The type of the identifier attribute is “string”, with no limitations on length or character set.
FHIR representation¶
FHIR models logical or resource instance identity with the “id” field. The value of this id field is a simple type, i.e. a simple string value with some limitations.
Identifiers for business identifiers are represented with the Identifier data type and usually the “identifier” field holds instances of that data type. The identifier field is used on various resources that are likely to have a business identity, where the “system” attribute . It is not available on all resources the way the “id” field is. The Identifier data type captures not only the value of an identifier, but also the system or namespace that assigned the identifier and its type and intended use. Therefore, this datatype is an elegant approach to encapsulating relevant metadata related to an identifier so that a consuming system can computationally determine how it might be used.

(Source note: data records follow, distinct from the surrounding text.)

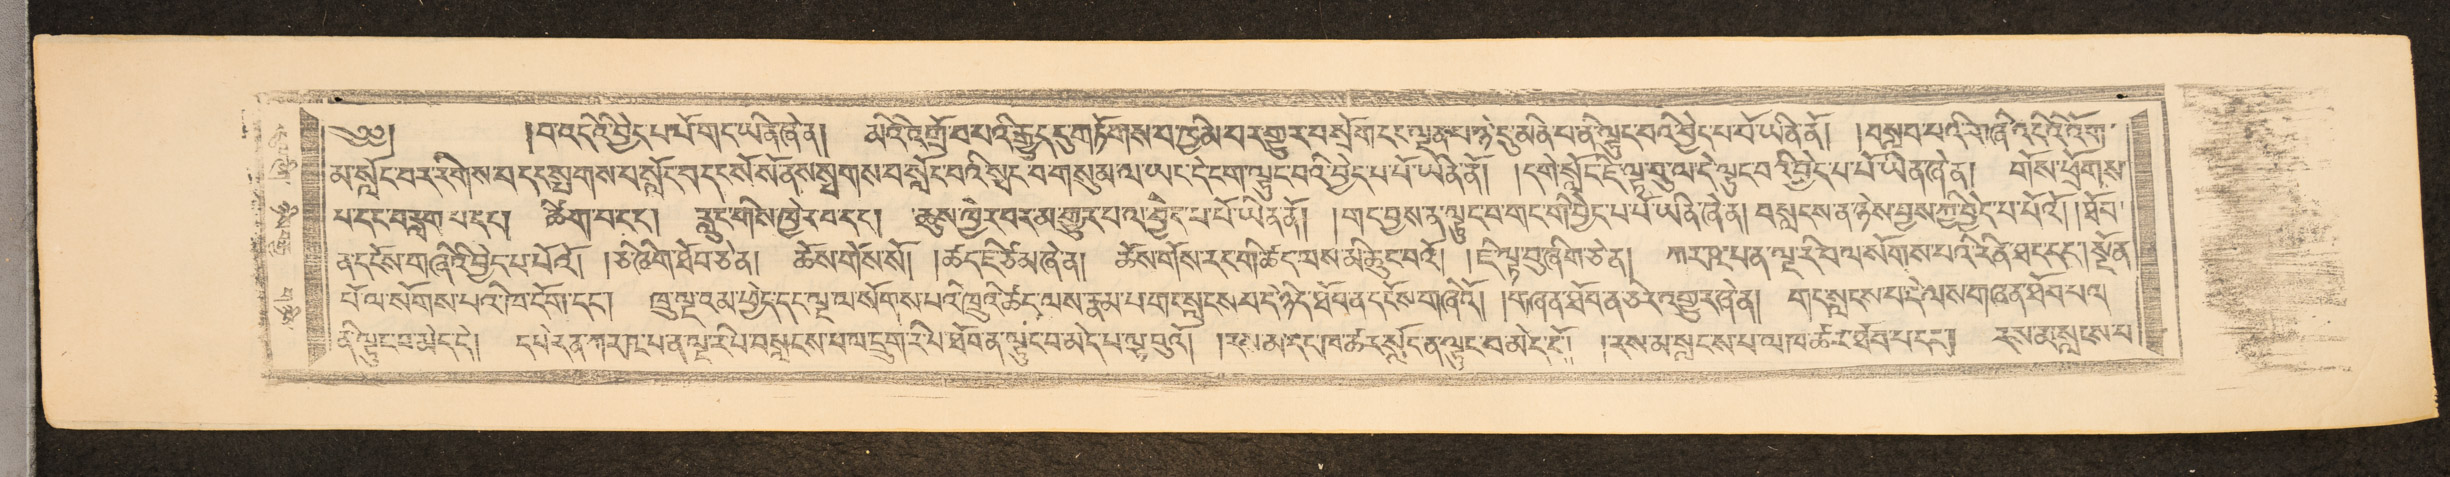༄༅། །བ་འདིའི་བྱེད་པ་པོ་གང་ཡིན་ཞེ་ན། མིའི་འགྲོ་བ་པའི་རྒྱུད་དུ་གཏོགས་པ་ཁྱིམ་པར་གྱུར་པ་སྲོག་དང་ལྡན་པ་ཉེ་དུ་མིན་པ་ནི་ལྟུང་བའི་བྱེད་པ་པོ་ཡིན་ནོ། །བསླབ་པའི་གཞི་འདིའི་འོག་
མ་སློང་བར་རིགས་པ་དང་སྤགས་པ་སློང་བ་དང་སོ་སོ་ནས་སྤགས་པ་སློང་བའི་སྤང་བ་གསུམ་ལ་ཡང་དེ་དག་ལྟུང་བའི་བྱེད་པ་པོ་ཡིན་ནོ། །དགེ་སློང་ཇི་ལྟ་བུ་ལ་དེ་ལྟུང་བའི་བྱེད་པ་པོ་ཡིན་ཞེ་ན། གོས་ཕྲོགས་
པ་དང་བརླག་པ་དང་། ཚིག་པ་དང་། རླུང་གིས་ཁྱེར་བ་དང་། ཆུས་ཁྱེར་བར་མ་གྱུར་པ་ལ་བྱེད་པ་པོ་ཡིན་ནོ། །གང་བྱས་ན་ལྟུང་བ་གང་གི་བྱེད་པ་པོ་ཡིན་ཞེ་ན། བསླངས་ན་ཉེས་བྱས་ཀྱི་བྱེད་པ་པོའོ། །ཐོབ་
ན་དངོས་གཞིའི་བྱེད་པ་པོའོ། །ཅི་ཞིག་ཐོབ་ཅེ་ན། ཆོས་གོས་སོ། །ཚད་ཇི་ཙམ་ཞེ་ན། ཆོས་གོས་རང་གི་ཚད་ལས་མི་ཆུང་བའོ། །ཇི་ལྟ་བུ་ཞིག་ཅེ་ན། ཀར་ཥ་པ་ན་ལྔ་རི་བ་ལ་སོགས་པའི་རིན་ཐང་དང་། སྔོན་
པོ་ལ་སོགས་པའི་ཁ་དོག་དང་། ཁྲུ་ལྔའམ་ཕྱེད་དང་ལྔ་ལ་སོགས་པའི་ཁྲུའི་ཚད་ལས་རྣམ་པ་གང་སླངས་པ་དེ་ཉིད་ཐོབ་ན་དངོས་གཞིའོ། །གཞན་ཐོབ་ན་ཅིར་འགྱུར་ཞེ་ན། གང་སླངས་པ་དེ་ལས་གཞན་ཐོབ་པ་ལ་
ནི་ལྟུང་བ་མེད་དེ། དཔེར་ན་ཀར་ཥ་པ་ན་ལྔ་རིབ་བསླངས་པ་ལ་དྲུག་རི་པ་ཐོབ་ན་ལྟུང་བ་མེད་པ་ལྟ་བུའོ། །རས་མ་དང་ཁ་ཚར་སློང་ན་ལྟུང་བ་མེད་དོ། །རས་མ་སླངས་པ་ལ་ཁ་ཚར་ཐོབ་པ་དང་། རས་མ་སླངས་པ་

The type of the Identifier.value field is “string”, but FHIR restricts the value of strings by length (1024x1024 characters) and content (Unicode, with restrictions).
This is similar to the FHIR logical id field and it also matches the simple string based representation of this value
Phenopackets IG representation¶
The IG doesn’t clearly describe how the PP are mapped. However, it does add a “must support” to the FHIR identifier field.
Proposed Core IG representation¶
The PP Individual.id attribute is mappable to the FHIR id type. However, because PP places heavy emphasis on the context and business use of this value, the Identifier type (which captures system, type, and use) is more appropriate. The Identifier type would also better support the use of multiple identifiers for an Individual, and its use is more consistent with FHIR recommendations. Furthermore, the use of Identifier allows for preserving object identities when objects are moved between systems and the message-specific “logical id” is lost. The language supporting this is here.
The alternative identifier has to be captured in the FHIR identifier field whenever possible to be consistent with identity representation in FHIR.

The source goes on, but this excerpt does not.